Gli altri interventi di attuazione del DSU (servizio abitativo, servizio di ristorazione, ecc.) verranno gestiti dagli ESU del Veneto, così come previsto dall’articolo 3, comma 5, periodo primo, della L.R. n. 8/1998, secondo quanto disposto nell’Allegato A.

Gli ESU si impegnano ad effettuare specifici accertamenti delle condizioni economiche dello studente con ogni mezzo a disposizione avvalendosi anche della polizia tributaria, su un campione minimo del 20% degli studenti assegnatari della borsa di studio.

Gli ESU, in materia di controlli e sanzioni applicabili, si atterranno alla normativa vigente (art. 10 del D.Lgs. n. 68/2012).

La Regione si riserva la facoltà, in qualsiasi momento, di chiedere anche agli ESU, al pari delle Università, nei limiti delle rispettive competenze, ai fini del controllo dei rendiconti degli agenti contabili esterni di cui al D.Lgs. 26/08/2016, n. 174, esercitato anche tramite soggetto terzo affidatario del relativo servizio di controllo:

  1. la comunicazione di report, anche periodici, in merito:
  • ai controlli svolti sulle dichiarazioni sostitutive presentate al fine di usufruire delle prestazioni a tutela del DSU e ai relativi esiti;
  • agli importi ripetuti dall’Università ai sensi dell’art. 75 del D.P.R. n. 445/2000;
  • alle sanzioni amministrative pecuniarie applicate nelle singole fattispecie;
  • agli importi versati dagli interessati a titolo sanzionatorio;
  • agli importi versati dagli interessati a titolo di tassa regionale per il DSU di cui alla L.R. n. 15/1996;
  • ai controlli svolti sugli importi pagati dagli studenti a titolo di tassa regionale per il DSU iscritti alle istituzioni di alta formazione artistica, musicale e coreutica, alle scuole superiori per mediatori linguistici abilitate;
  1. la trasmissione, ove necessario, di copia dei verbali di accertamento, degli atti di contestazione, dei rapporti e dei provvedimenti di ingiunzione.

L’aggiornamento della tassa regionale per il Diritto allo Studio Universitario.

La Giunta regionale aggiorna l’importo della tassa regionale per il DSU, ai sensi dell’art. 4, comma 1, della L.R. 18/06/1996, n. 15, il cui gettito è destinato all’erogazione di borse di studio regionali, sulla base del tasso d’inflazione programmato relativo all’anno solare d’inizio dell’anno accademico.
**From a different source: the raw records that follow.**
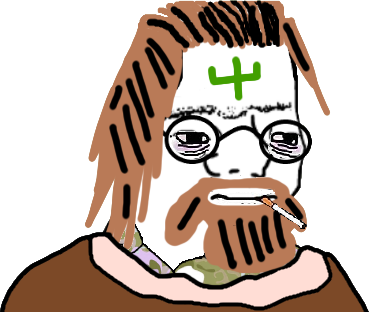
Label: 5_Zoomer
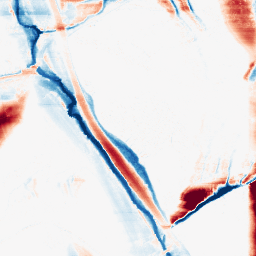
Category: morphological
Decomposition family: morphological_ellipse
Decomposition parameters: operation: average
width: 5
height: 50
Upsampling method: lanczos
Upsampling parameters: scale: 8
Upsampling scale: 8
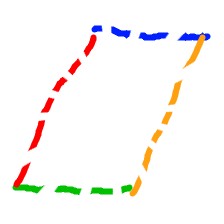
Shape: parallelogram
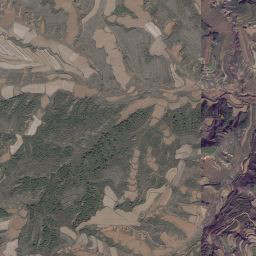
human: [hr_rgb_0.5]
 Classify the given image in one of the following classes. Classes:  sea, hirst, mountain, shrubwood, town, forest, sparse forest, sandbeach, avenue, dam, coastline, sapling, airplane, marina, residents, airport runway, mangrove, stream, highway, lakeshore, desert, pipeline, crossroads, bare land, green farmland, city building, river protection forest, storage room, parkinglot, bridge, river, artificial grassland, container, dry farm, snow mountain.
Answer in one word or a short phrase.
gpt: mountain
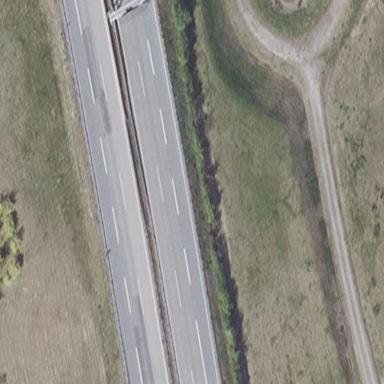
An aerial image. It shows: Y-shaped junction where asphalt motorway is located.
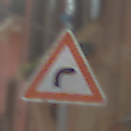
Verkehrszeichen: KurveRechts
Umgebung: Outdoor, Urban
Tageszeit: Midday
Wetter: Clear
Licht: Natural
Jahreszeit: NotSpecified
Kontrast: HighContrast
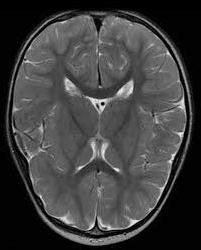
Label: notumor
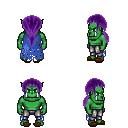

Detto tasso era stato indicato al 2,3% con la presentazione della Nota di aggiornamento del documento di economia e finanza (NADEF) 2023 (settembre 2023) ma è stato rivisto all’1,1% con la presentazione del Documento di Economia e Finanza 2024 (aprile 2024). Di conseguenza è stato applicato il tasso percentuale inferiore ai fini dell’aggiornamento del tributo regionale. Pertanto, rilevato che il tasso d’inflazione programmato per il 2024 è sceso dal 2,3% all’1,1%, gli importi della tassa regionale per il DSU per l’A.A. 2024-2025 sono stati così rideterminati per le tre fasce nelle quali il tributo si articola:

Importo della Tassa regionale per il Diritto allo Studio Universitario
A.A. 2024-2025

Fasce
della Tassa

Limite minimo
della Fascia

Limiti massimo
della Fascia

I

euro 141,00

euro 161,99

II

euro 162,00

euro 185,99

III

euro 186,00

 

Qualora uno studente si iscriva contemporaneamente a più corsi di studio presso le Università del Veneto, l’importo corrispondente alla tassa per il Diritto allo Studio Universitario andrà versato una sola volta, a favore dell’Università indicata quale sede principale di studio.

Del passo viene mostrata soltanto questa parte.